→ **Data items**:
^^^^^^^^
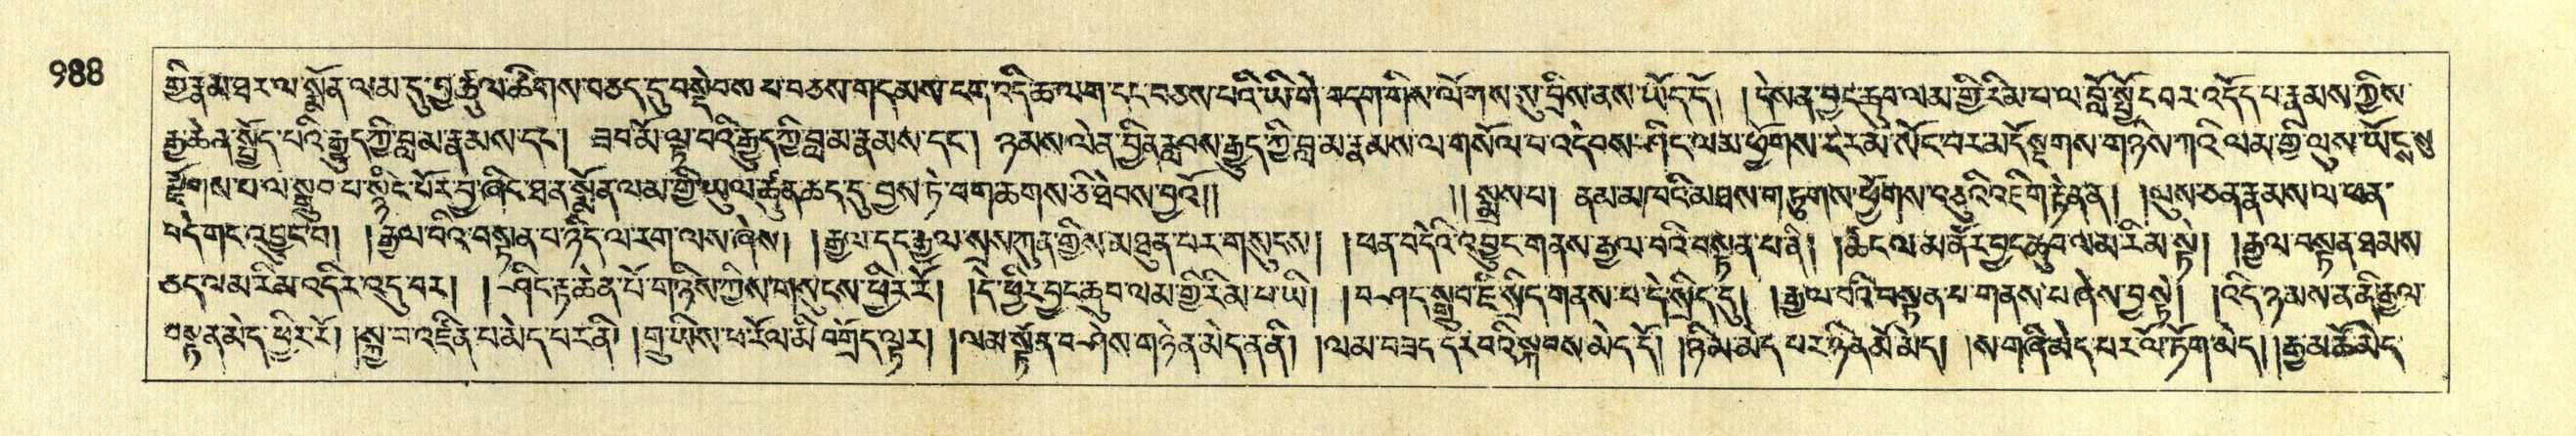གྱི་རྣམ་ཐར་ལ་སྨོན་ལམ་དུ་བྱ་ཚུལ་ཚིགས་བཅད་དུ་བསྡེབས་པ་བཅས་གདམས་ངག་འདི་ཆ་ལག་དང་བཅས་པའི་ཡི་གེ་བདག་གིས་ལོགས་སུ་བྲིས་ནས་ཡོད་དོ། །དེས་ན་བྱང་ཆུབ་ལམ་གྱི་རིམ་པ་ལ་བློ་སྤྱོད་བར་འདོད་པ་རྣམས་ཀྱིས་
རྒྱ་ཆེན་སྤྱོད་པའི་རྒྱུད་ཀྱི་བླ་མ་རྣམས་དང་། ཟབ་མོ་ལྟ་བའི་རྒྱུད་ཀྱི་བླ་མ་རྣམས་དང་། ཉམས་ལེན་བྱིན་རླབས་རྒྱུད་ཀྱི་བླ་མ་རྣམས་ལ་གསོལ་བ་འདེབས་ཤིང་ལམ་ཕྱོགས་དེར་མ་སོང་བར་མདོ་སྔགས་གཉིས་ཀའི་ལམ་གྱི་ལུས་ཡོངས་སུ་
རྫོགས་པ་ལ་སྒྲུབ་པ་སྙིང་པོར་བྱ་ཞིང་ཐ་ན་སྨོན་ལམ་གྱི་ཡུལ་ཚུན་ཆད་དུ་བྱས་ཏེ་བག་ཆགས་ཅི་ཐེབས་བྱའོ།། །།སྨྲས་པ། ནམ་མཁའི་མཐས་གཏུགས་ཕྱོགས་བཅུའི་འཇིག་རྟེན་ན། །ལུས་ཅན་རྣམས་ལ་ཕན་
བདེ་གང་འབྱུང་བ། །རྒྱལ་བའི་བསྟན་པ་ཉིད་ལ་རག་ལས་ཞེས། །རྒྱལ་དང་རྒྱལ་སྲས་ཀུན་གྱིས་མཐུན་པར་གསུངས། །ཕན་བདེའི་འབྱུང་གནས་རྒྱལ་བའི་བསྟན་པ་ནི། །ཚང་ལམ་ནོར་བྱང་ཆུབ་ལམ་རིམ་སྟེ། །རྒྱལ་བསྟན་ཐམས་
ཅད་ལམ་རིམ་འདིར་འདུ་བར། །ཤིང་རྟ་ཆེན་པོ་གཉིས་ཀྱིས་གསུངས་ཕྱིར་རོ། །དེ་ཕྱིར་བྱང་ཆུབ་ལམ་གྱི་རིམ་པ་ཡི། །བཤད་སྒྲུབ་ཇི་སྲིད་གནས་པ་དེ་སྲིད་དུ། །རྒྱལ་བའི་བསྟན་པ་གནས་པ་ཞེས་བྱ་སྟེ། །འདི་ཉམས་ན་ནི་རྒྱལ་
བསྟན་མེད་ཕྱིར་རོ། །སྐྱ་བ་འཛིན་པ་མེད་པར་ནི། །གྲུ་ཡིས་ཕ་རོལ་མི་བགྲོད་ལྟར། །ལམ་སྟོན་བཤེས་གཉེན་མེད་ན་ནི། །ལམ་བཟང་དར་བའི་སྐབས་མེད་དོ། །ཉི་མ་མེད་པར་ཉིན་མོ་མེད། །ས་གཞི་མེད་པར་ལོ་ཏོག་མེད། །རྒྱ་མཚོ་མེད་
^^^^^^^^
→ **EXERCISE BRIEF**:
Retype the records exactly, but skip the pictures.

→ **RESULT OF THIS TASK**:
གྱི་རྣམ་ཐར་ལ་སྨོན་ལམ་དུ་བྱ་ཚུལ་ཚིགས་བཅད་དུ་བསྡེབས་པ་བཅས་གདམས་ངག་འདི་ཆ་ལག་དང་བཅས་པའི་ཡི་གེ་བདག་གིས་ལོགས་སུ་བྲིས་ནས་ཡོད་དོ། །དེས་ན་བྱང་ཆུབ་ལམ་གྱི་རིམ་པ་ལ་བློ་སྤྱོད་བར་འདོད་པ་རྣམས་ཀྱིས་
རྒྱ་ཆེན་སྤྱོད་པའི་རྒྱུད་ཀྱི་བླ་མ་རྣམས་དང་། ཟབ་མོ་ལྟ་བའི་རྒྱུད་ཀྱི་བླ་མ་རྣམས་དང་། ཉམས་ལེན་བྱིན་རླབས་རྒྱུད་ཀྱི་བླ་མ་རྣམས་ལ་གསོལ་བ་འདེབས་ཤིང་ལམ་ཕྱོགས་དེར་མ་སོང་བར་མདོ་སྔགས་གཉིས་ཀའི་ལམ་གྱི་ལུས་ཡོངས་སུ་
རྫོགས་པ་ལ་སྒྲུབ་པ་སྙིང་པོར་བྱ་ཞིང་ཐ་ན་སྨོན་ལམ་གྱི་ཡུལ་ཚུན་ཆད་དུ་བྱས་ཏེ་བག་ཆགས་ཅི་ཐེབས་བྱའོ།། །།སྨྲས་པ། ནམ་མཁའི་མཐས་གཏུགས་ཕྱོགས་བཅུའི་འཇིག་རྟེན་ན། །ལུས་ཅན་རྣམས་ལ་ཕན་
བདེ་གང་འབྱུང་བ། །རྒྱལ་བའི་བསྟན་པ་ཉིད་ལ་རག་ལས་ཞེས། །རྒྱལ་དང་རྒྱལ་སྲས་ཀུན་གྱིས་མཐུན་པར་གསུངས། །ཕན་བདེའི་འབྱུང་གནས་རྒྱལ་བའི་བསྟན་པ་ནི། །ཚང་ལམ་ནོར་བྱང་ཆུབ་ལམ་རིམ་སྟེ། །རྒྱལ་བསྟན་ཐམས་
ཅད་ལམ་རིམ་འདིར་འདུ་བར། །ཤིང་རྟ་ཆེན་པོ་གཉིས་ཀྱིས་གསུངས་ཕྱིར་རོ། །དེ་ཕྱིར་བྱང་ཆུབ་ལམ་གྱི་རིམ་པ་ཡི། །བཤད་སྒྲུབ་ཇི་སྲིད་གནས་པ་དེ་སྲིད་དུ། །རྒྱལ་བའི་བསྟན་པ་གནས་པ་ཞེས་བྱ་སྟེ། །འདི་ཉམས་ན་ནི་རྒྱལ་
བསྟན་མེད་ཕྱིར་རོ། །སྐྱ་བ་འཛིན་པ་མེད་པར་ནི། །གྲུ་ཡིས་ཕ་རོལ་མི་བགྲོད་ལྟར། །ལམ་སྟོན་བཤེས་གཉེན་མེད་ན་ནི། །ལམ་བཟང་དར་བའི་སྐབས་མེད་དོ། །ཉི་མ་མེད་པར་ཉིན་མོ་མེད། །ས་གཞི་མེད་པར་ལོ་ཏོག་མེད། །རྒྱ་མཚོ་མེད་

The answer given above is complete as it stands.